И даже если он когда-нибудь вдруг скажет: «Интересно, как там Руфь без меня справляется, а?» — она сей же миг заткнет ему рот — кусочек семги, глоток шампанского — и скажет: «Руфь не пропадет. У нее есть главное — дети. Не то, что у меня! Какая я несчастная! У меня в целом мире только и есть — ты, Боббо!»

Двое моих детей подходят и отходят, тычутся в меня наугад, в надежде, что мать их согреет и накормит, но мне нечего им дать. Откуда? У дьяволиц сухие сосцы.

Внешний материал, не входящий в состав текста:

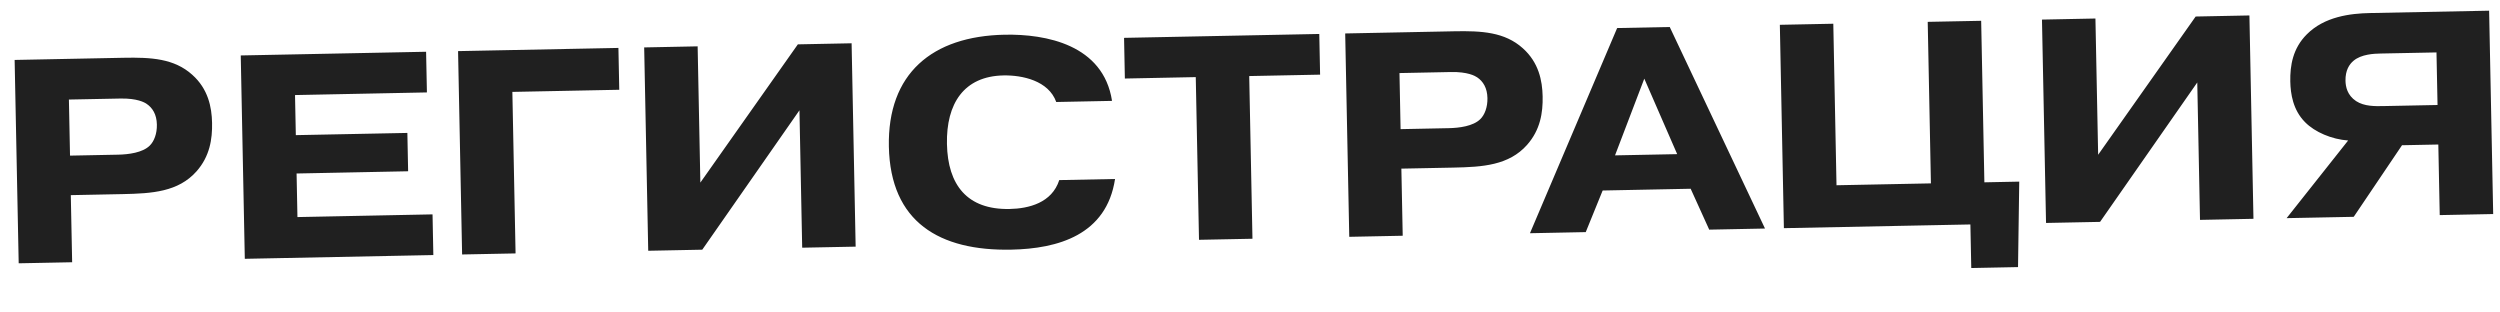 <?xml version="1.0" encoding="UTF-8"?> <svg xmlns="http://www.w3.org/2000/svg" width="128" height="16" viewBox="0 0 128 16" fill="none"><path d="M3.528 5.097L3.585 7.968L6.054 7.919C6.575 7.908 7.302 7.819 7.667 7.455C7.886 7.242 8.042 6.852 8.032 6.376C8.022 5.856 7.807 5.518 7.505 5.316C7.4 5.243 7.023 5.028 6.16 5.045L3.528 5.097ZM0.749 3.069L6.327 2.958C7.74 2.93 8.917 2.996 9.841 3.826C10.659 4.553 10.842 5.487 10.858 6.29C10.874 7.123 10.743 8.004 10.059 8.776C9.127 9.822 7.79 9.908 6.288 9.938L3.625 9.991L3.694 13.427L0.957 13.481L0.749 3.069ZM15.146 6.919L20.857 6.806L20.896 8.769L15.185 8.883L15.229 11.114L22.146 10.976L22.187 13.059L12.534 13.251L12.326 2.839L21.816 2.65L21.858 4.732L15.105 4.867L15.146 6.919ZM26.233 4.705L26.397 12.975L23.66 13.029L23.453 2.617L31.663 2.454L31.706 4.596L26.233 4.705ZM35.858 9.349L40.85 2.271L43.602 2.216L43.809 12.628L41.072 12.682L40.932 5.647L35.956 12.784L33.189 12.839L32.982 2.428L35.719 2.373L35.858 9.349ZM54.234 9.221L57.09 9.164C56.656 12.03 54.17 12.734 51.776 12.782C48.102 12.855 45.587 11.373 45.51 7.505C45.436 3.772 47.719 1.851 51.438 1.777C53.55 1.735 56.492 2.287 56.936 5.165L54.08 5.222C53.687 4.128 52.342 3.843 51.375 3.862C49.352 3.902 48.442 5.304 48.484 7.372C48.525 9.469 49.518 10.744 51.69 10.7C52.671 10.681 53.856 10.389 54.234 9.221ZM61.223 3.948L57.593 4.021L57.552 1.938L67.547 1.739L67.589 3.822L63.96 3.894L64.126 12.224L61.389 12.278L61.223 3.948ZM71.653 3.741L71.71 6.612L74.179 6.562C74.7 6.552 75.427 6.463 75.792 6.099C76.011 5.886 76.167 5.496 76.157 5.02C76.147 4.5 75.932 4.162 75.63 3.959C75.525 3.887 75.148 3.671 74.286 3.688L71.653 3.741ZM68.874 1.713L74.452 1.602C75.865 1.574 77.042 1.64 77.966 2.469C78.784 3.197 78.967 4.131 78.983 4.934C78.999 5.767 78.868 6.648 78.184 7.42C77.253 8.465 75.915 8.552 74.413 8.581L71.75 8.634L71.819 12.07L69.082 12.125L68.874 1.713ZM82.689 7.955L85.872 7.892L84.188 4.027L82.689 7.955ZM82.056 9.754L81.19 11.884L78.334 11.941L82.798 1.436L85.49 1.382L90.368 11.701L87.512 11.758L86.562 9.664L82.056 9.754ZM94.029 9.485L98.863 9.389L98.699 1.119L101.436 1.065L101.6 9.335L103.385 9.299L103.323 13.675L100.929 13.723L100.884 11.492L91.335 11.682L91.128 1.27L93.865 1.215L94.029 9.485ZM107.425 7.924L112.418 0.846L115.17 0.791L115.377 11.203L112.64 11.258L112.5 4.222L107.523 11.36L104.757 11.415L104.549 1.003L107.286 0.948L107.425 7.924ZM124.748 2.684L121.877 2.741C121.55 2.747 120.896 2.775 120.501 3.111C120.281 3.293 120.079 3.61 120.089 4.131C120.096 4.443 120.179 4.873 120.631 5.176C121.053 5.451 121.604 5.44 122.035 5.431L124.802 5.376L124.748 2.684ZM124.842 7.399L122.983 7.436L120.511 11.101L117.075 11.169L120.225 7.193C119.39 7.135 118.52 6.766 118.019 6.255C117.396 5.628 117.276 4.797 117.263 4.172C117.247 3.354 117.393 2.473 118.108 1.759C119.012 0.849 120.333 0.688 121.345 0.668L127.443 0.547L127.651 10.959L124.914 11.013L124.842 7.399Z" fill="#202020"></path></svg>

Дьяволицей — в полном смысле слова — не станешь в мгновение ока. Поначалу чувствуешь себя совершенно выпотрошенной — уж я-то знаю. Самоосуждение и добропорядочность успели пустить глубокие, разветвленные корни; они проросли сквозь плоть, и извлечь их безболезненно нельзя — их надо вырывать с мясом. Иногда по ночам я так кричу, что бужу соседей. А дети не просыпаются никогда, кричи — не кричи.